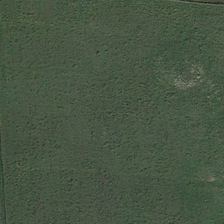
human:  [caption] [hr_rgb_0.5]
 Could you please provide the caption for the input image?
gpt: this area has a lot of grass .

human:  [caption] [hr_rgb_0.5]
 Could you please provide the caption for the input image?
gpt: next to the highway is a vast ranch .

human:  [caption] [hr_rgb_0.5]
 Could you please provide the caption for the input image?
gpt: this area has a lot of grass .

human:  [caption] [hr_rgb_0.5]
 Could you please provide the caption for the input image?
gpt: next to the highway is a vast ranch .

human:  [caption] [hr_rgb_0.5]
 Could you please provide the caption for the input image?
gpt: this area has a lot of grass .
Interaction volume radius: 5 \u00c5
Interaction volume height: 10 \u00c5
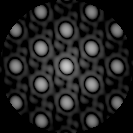
Disorder parameter: 0.004079
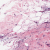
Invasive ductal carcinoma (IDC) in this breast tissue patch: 1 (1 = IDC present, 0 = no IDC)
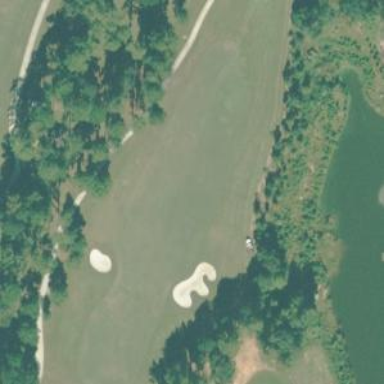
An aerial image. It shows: Golf hole.
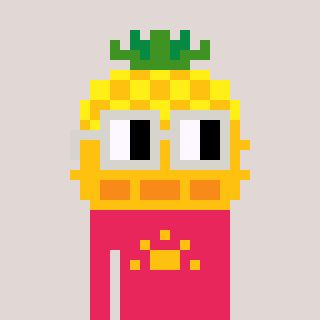
a pixel art character with square light gray glasses, a pineapple-shaped head and a redpinkish-colored body on a warm background
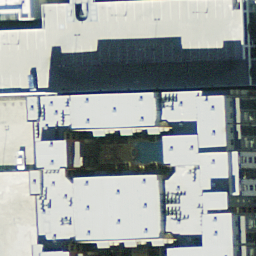
Label: buildings
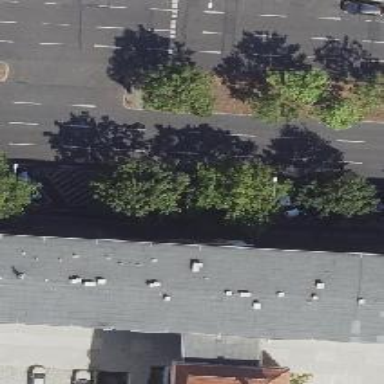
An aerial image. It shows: Secondary road with asphalt surface. There is cycle track on the right and parking available on the street side.
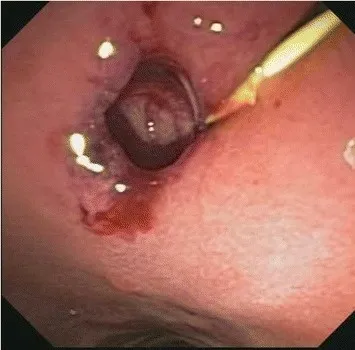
Fistula creation*.
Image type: endoscopy (airway_endoscopy)
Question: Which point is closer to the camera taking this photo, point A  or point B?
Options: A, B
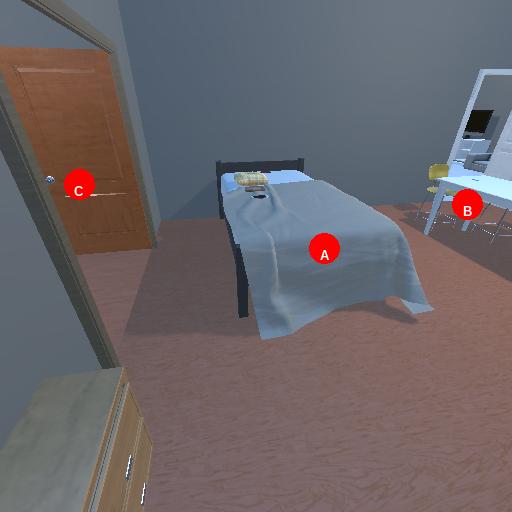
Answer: A
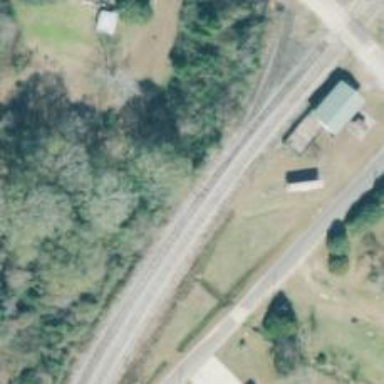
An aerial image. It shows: Railway siding with rails.
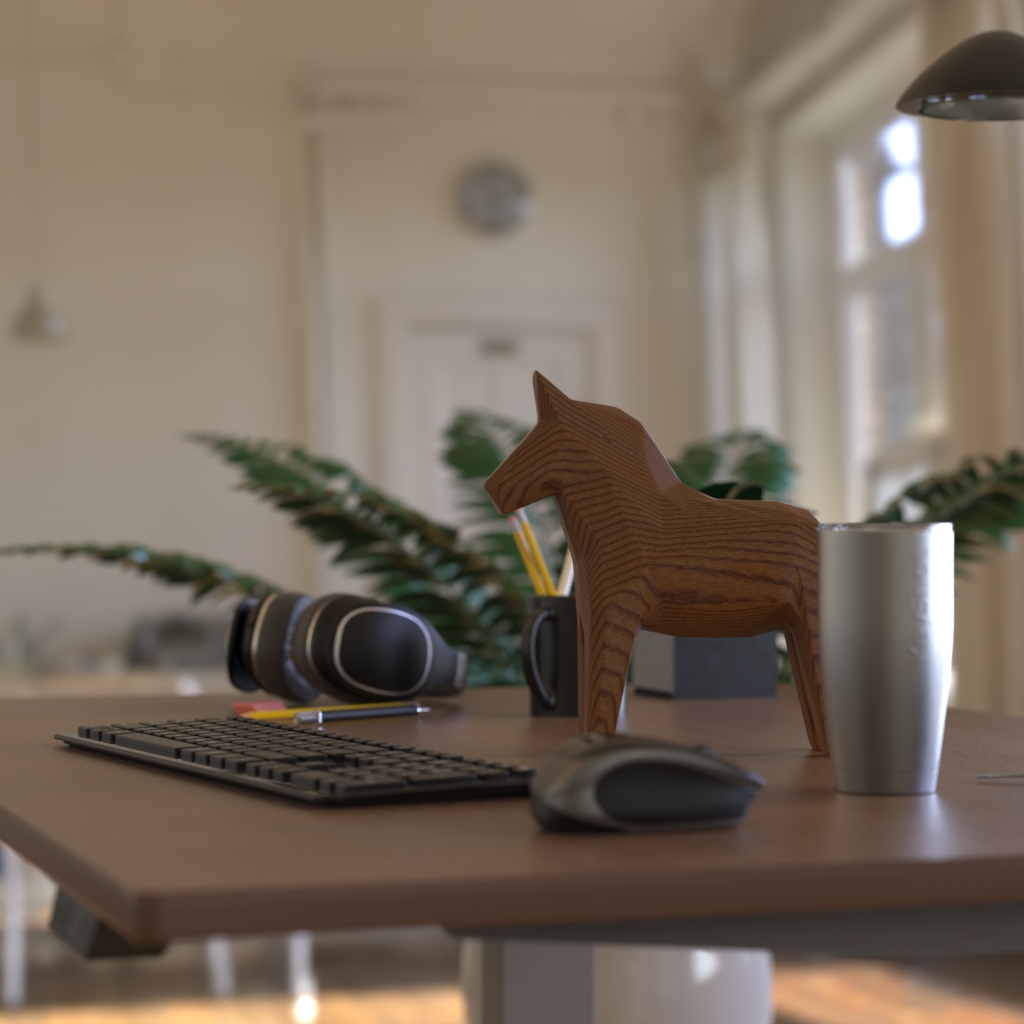
A high quality rendering of a dalahest_oak dalecarlian horse figurine made of varnished dark oak standing on a wooden table in an an apartment with natural bright daylight from windows,wide shot from  the left, 100 mm, f 5.6
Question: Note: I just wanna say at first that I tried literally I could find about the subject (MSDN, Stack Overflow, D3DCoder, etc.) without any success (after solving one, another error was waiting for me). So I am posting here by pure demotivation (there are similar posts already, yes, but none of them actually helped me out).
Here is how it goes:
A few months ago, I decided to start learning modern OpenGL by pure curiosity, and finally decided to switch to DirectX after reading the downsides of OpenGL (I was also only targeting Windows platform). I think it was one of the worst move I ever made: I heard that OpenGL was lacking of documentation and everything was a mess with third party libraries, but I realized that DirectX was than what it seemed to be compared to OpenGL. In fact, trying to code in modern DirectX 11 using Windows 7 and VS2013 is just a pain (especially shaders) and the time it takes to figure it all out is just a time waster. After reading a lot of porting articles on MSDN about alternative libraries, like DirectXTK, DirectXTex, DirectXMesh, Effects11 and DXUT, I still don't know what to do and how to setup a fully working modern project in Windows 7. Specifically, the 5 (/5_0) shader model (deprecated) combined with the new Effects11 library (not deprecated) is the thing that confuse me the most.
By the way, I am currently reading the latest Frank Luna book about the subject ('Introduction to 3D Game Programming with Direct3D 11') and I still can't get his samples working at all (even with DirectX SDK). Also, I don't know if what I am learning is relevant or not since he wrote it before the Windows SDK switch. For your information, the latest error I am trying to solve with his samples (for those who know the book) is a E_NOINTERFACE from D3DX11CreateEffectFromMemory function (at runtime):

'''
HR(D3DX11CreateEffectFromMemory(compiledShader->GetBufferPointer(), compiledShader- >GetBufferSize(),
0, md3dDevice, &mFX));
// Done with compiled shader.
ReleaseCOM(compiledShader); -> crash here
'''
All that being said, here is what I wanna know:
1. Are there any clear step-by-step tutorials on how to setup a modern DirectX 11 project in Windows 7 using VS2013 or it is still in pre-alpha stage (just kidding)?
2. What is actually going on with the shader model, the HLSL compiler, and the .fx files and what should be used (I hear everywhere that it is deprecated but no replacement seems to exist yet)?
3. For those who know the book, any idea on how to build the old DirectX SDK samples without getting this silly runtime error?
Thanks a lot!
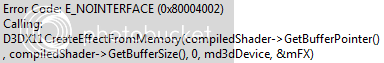
Answer: 'E_NOINTERFACE' is an usual error in that context, so likely there's something wrong with the code around it you are not showing in your question.
You can still use the legacy DirectX SDK with VS 2013, but it takes a slightly different procedure than was used with VS 2010. In 'VC++ Directories' set Executable to '$(ExecutablePath);$(DXSDK_DIR)Utilitiesin+' or '$(ExecutablePath);$(DXSDK_DIR)Utilitiesind;$(DXSDK_DIR)Utilitiesin+', Include to '$(IncludePath);$(DXSDK_DIR)Include', and Library to '$(LibraryPath);$(DXSDK_DIR)Lib+' or '$(LibraryPath);$(DXSDK_DIR)Libd'. Read <URL>.
VS 2013 comes with the Windows 8.1 SDK that has all the OS headers for DirectX 11 along with D3DCompile #47.
You can use the <URL> with a device, swapchain, and window. This makes no use of legacy DirectX SDK.
There are some additional <URL> is on the CodePlex wiki under
Your questions about FX vs. not are also covered on the CodePlex: <URL>.
Many of the older DirectX SDK samples have been reposted to MSDN Code Gallery and do require the legacy DirectX SDK to build. You should read these posts for the fate of various DirectX SDK things:
<URL>
<URL>
<URL>
<URL>
The story for learning DirectX 11 with Windows Store apps / Windows phone 8.x aps is a lot cleaner, and is well supported by VS templates and MSDN documentation. Win32 desktop apps are of course a completely reasonable option, but you have to distinguish between legacy and modern with a bit of research. You still start with the standard Win32 desktop app project template in VS.
Note: Windows by default only supports OpenGL v1.5 software renderer. You have to install 3rd party ICD to get anything else, and there are no OpenGL VS templates.
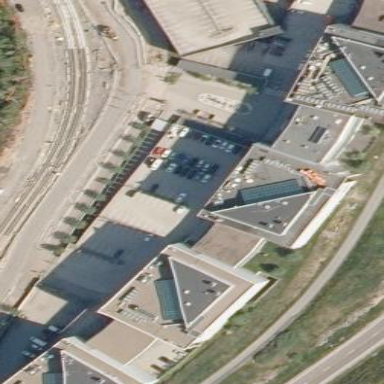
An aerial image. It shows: White office building with brown roof.
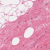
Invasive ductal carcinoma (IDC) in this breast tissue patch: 0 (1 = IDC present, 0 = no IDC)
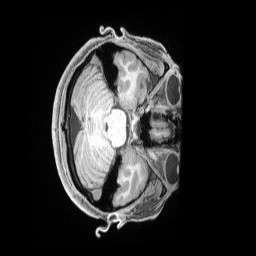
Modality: T1w
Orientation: axial
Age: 38
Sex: female
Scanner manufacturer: siemens
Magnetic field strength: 3 T
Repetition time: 2 s
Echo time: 0.00211 s
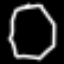
Label: octagon
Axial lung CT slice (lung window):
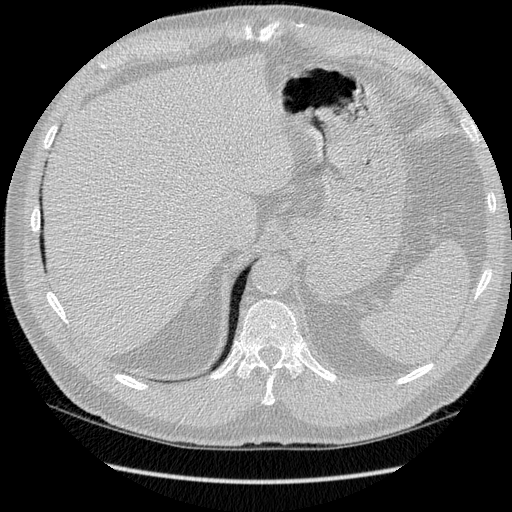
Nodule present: no
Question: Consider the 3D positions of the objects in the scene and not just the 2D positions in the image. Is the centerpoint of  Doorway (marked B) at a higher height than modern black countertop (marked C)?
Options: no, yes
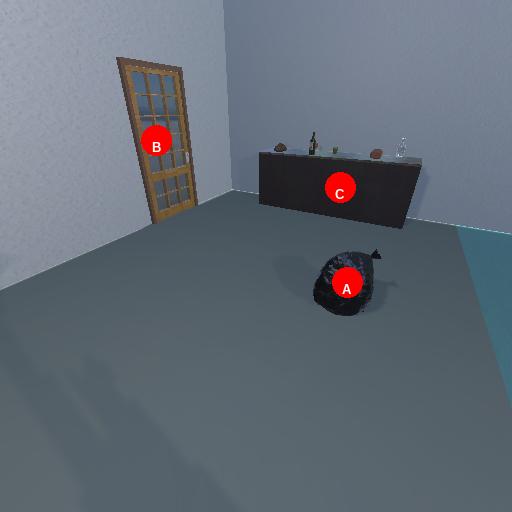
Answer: no
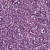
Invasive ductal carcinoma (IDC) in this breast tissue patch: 1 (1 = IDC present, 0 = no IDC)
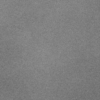
Label: dusty
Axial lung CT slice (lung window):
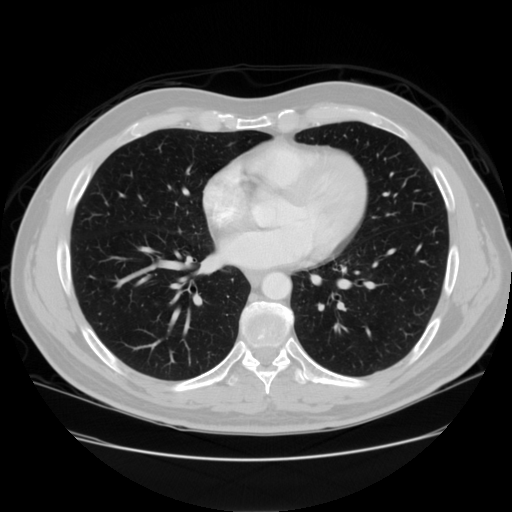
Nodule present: no

-*-

YOUR OBJECTIVE — Print the data again word for word, pictures excluded.

TASK SOLUTION —
human:  [caption] [hr_rgb_0.5]
 Could you please provide the caption for the input image?
gpt: this area has a lot of grass .

human:  [caption] [hr_rgb_0.5]
 Could you please provide the caption for the input image?
gpt: next to the highway is a vast ranch .

human:  [caption] [hr_rgb_0.5]
 Could you please provide the caption for the input image?
gpt: this area has a lot of grass .

human:  [caption] [hr_rgb_0.5]
 Could you please provide the caption for the input image?
gpt: next to the highway is a vast ranch .

human:  [caption] [hr_rgb_0.5]
 Could you please provide the caption for the input image?
gpt: this area has a lot of grass .
Interaction volume radius: 5 \u00c5
Interaction volume height: 10 \u00c5
Disorder parameter: 0.004079
Invasive ductal carcinoma (IDC) in this breast tissue patch: 1 (1 = IDC present, 0 = no IDC)
An aerial image. It shows: Golf hole.
a pixel art character with square light gray glasses, a pineapple-shaped head and a redpinkish-colored body on a warm background
Label: buildings
An aerial image. It shows: Secondary road with asphalt surface. There is cycle track on the right and parking available on the street side.
Fistula creation*.
Image type: endoscopy (airway_endoscopy)
Question: Which point is closer to the camera taking this photo, point A  or point B?
Options: A, B
Answer: A
An aerial image. It shows: Railway siding with rails.
A high quality rendering of a dalahest_oak dalecarlian horse figurine made of varnished dark oak standing on a wooden table in an an apartment with natural bright daylight from windows,wide shot from  the left, 100 mm, f 5.6
Question: Note: I just wanna say at first that I tried literally I could find about the subject (MSDN, Stack Overflow, D3DCoder, etc.) without any success (after solving one, another error was waiting for me). So I am posting here by pure demotivation (there are similar posts already, yes, but none of them actually helped me out).
Here is how it goes:
A few months ago, I decided to start learning modern OpenGL by pure curiosity, and finally decided to switch to DirectX after reading the downsides of OpenGL (I was also only targeting Windows platform). I think it was one of the worst move I ever made: I heard that OpenGL was lacking of documentation and everything was a mess with third party libraries, but I realized that DirectX was than what it seemed to be compared to OpenGL. In fact, trying to code in modern DirectX 11 using Windows 7 and VS2013 is just a pain (especially shaders) and the time it takes to figure it all out is just a time waster. After reading a lot of porting articles on MSDN about alternative libraries, like DirectXTK, DirectXTex, DirectXMesh, Effects11 and DXUT, I still don't know what to do and how to setup a fully working modern project in Windows 7. Specifically, the 5 (/5_0) shader model (deprecated) combined with the new Effects11 library (not deprecated) is the thing that confuse me the most.
By the way, I am currently reading the latest Frank Luna book about the subject ('Introduction to 3D Game Programming with Direct3D 11') and I still can't get his samples working at all (even with DirectX SDK). Also, I don't know if what I am learning is relevant or not since he wrote it before the Windows SDK switch. For your information, the latest error I am trying to solve with his samples (for those who know the book) is a E_NOINTERFACE from D3DX11CreateEffectFromMemory function (at runtime):

'''
HR(D3DX11CreateEffectFromMemory(compiledShader->GetBufferPointer(), compiledShader- >GetBufferSize(),
0, md3dDevice, &mFX));
// Done with compiled shader.
ReleaseCOM(compiledShader); -> crash here
'''
All that being said, here is what I wanna know:
1. Are there any clear step-by-step tutorials on how to setup a modern DirectX 11 project in Windows 7 using VS2013 or it is still in pre-alpha stage (just kidding)?
2. What is actually going on with the shader model, the HLSL compiler, and the .fx files and what should be used (I hear everywhere that it is deprecated but no replacement seems to exist yet)?
3. For those who know the book, any idea on how to build the old DirectX SDK samples without getting this silly runtime error?
Thanks a lot!
Answer: 'E_NOINTERFACE' is an usual error in that context, so likely there's something wrong with the code around it you are not showing in your question.
You can still use the legacy DirectX SDK with VS 2013, but it takes a slightly different procedure than was used with VS 2010. In 'VC++ Directories' set Executable to '$(ExecutablePath);$(DXSDK_DIR)Utilitiesin+' or '$(ExecutablePath);$(DXSDK_DIR)Utilitiesind;$(DXSDK_DIR)Utilitiesin+', Include to '$(IncludePath);$(DXSDK_DIR)Include', and Library to '$(LibraryPath);$(DXSDK_DIR)Lib+' or '$(LibraryPath);$(DXSDK_DIR)Libd'. Read <URL>.
VS 2013 comes with the Windows 8.1 SDK that has all the OS headers for DirectX 11 along with D3DCompile #47.
You can use the <URL> with a device, swapchain, and window. This makes no use of legacy DirectX SDK.
There are some additional <URL> is on the CodePlex wiki under
Your questions about FX vs. not are also covered on the CodePlex: <URL>.
Many of the older DirectX SDK samples have been reposted to MSDN Code Gallery and do require the legacy DirectX SDK to build. You should read these posts for the fate of various DirectX SDK things:
<URL>
<URL>
<URL>
<URL>
The story for learning DirectX 11 with Windows Store apps / Windows phone 8.x aps is a lot cleaner, and is well supported by VS templates and MSDN documentation. Win32 desktop apps are of course a completely reasonable option, but you have to distinguish between legacy and modern with a bit of research. You still start with the standard Win32 desktop app project template in VS.
Note: Windows by default only supports OpenGL v1.5 software renderer. You have to install 3rd party ICD to get anything else, and there are no OpenGL VS templates.
An aerial image. It shows: White office building with brown roof.
Invasive ductal carcinoma (IDC) in this breast tissue patch: 0 (1 = IDC present, 0 = no IDC)
Modality: T1w
Orientation: axial
Age: 38
Sex: female
Scanner manufacturer: siemens
Magnetic field strength: 3 T
Repetition time: 2 s
Echo time: 0.00211 s
Label: octagon
Axial lung CT slice (lung window):
Nodule present: no
Question: Consider the 3D positions of the objects in the scene and not just the 2D positions in the image. Is the centerpoint of  Doorway (marked B) at a higher height than modern black countertop (marked C)?
Options: no, yes
Answer: no
Invasive ductal carcinoma (IDC) in this breast tissue patch: 1 (1 = IDC present, 0 = no IDC)
Label: dusty
Axial lung CT slice (lung window):
Nodule present: no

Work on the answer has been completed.